Items from a dataset
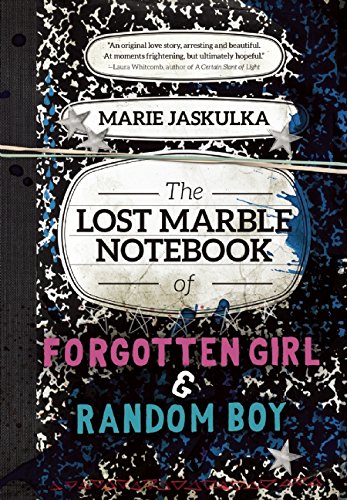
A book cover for The Lost Marble Notebook of Forgotten Girl & Random Boy; Marie Jaskulka; Romance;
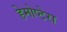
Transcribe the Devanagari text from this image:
हेमोप्टेरा
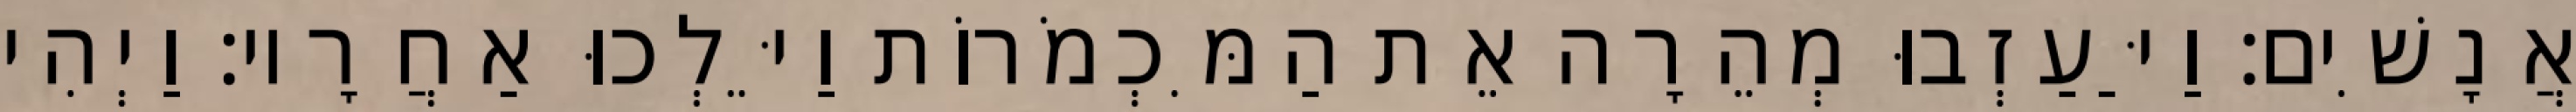
אֲנָשִׁים׃ וַיַּעַזְבוּ מְהֵרָה אֵת הַמִּכְמֹרוֹת וַיֵּלְכוּ אַחֲרָיו׃ וַיְהִי
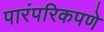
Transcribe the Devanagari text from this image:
पारंपरिकपणे
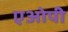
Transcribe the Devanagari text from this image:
एओपी
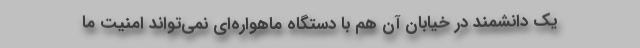
یک دانشمند در خیابان آن هم با دستگاه ماهواره‌ای نمی‌تواند امنیت ما
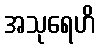
အသုရေဟိ
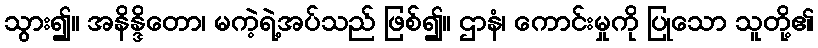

The task » Each entry above should be given again exactly, with its pictures omitted.

Output for this task »
A book cover for The Lost Marble Notebook of Forgotten Girl & Random Boy; Marie Jaskulka; Romance;
Transcribe the Devanagari text from this image:
हेमोप्टेरा
אֲנָשִׁים׃ וַיַּעַזְבוּ מְהֵרָה אֵת הַמִּכְמֹרוֹת וַיֵּלְכוּ אַחֲרָיו׃ וַיְהִי
Transcribe the Devanagari text from this image:
पारंपरिकपणे
Transcribe the Devanagari text from this image:
एओपी
یک دانشمند در خیابان آن هم با دستگاه ماهواره‌ای نمی‌تواند امنیت ما
အသုရေဟိ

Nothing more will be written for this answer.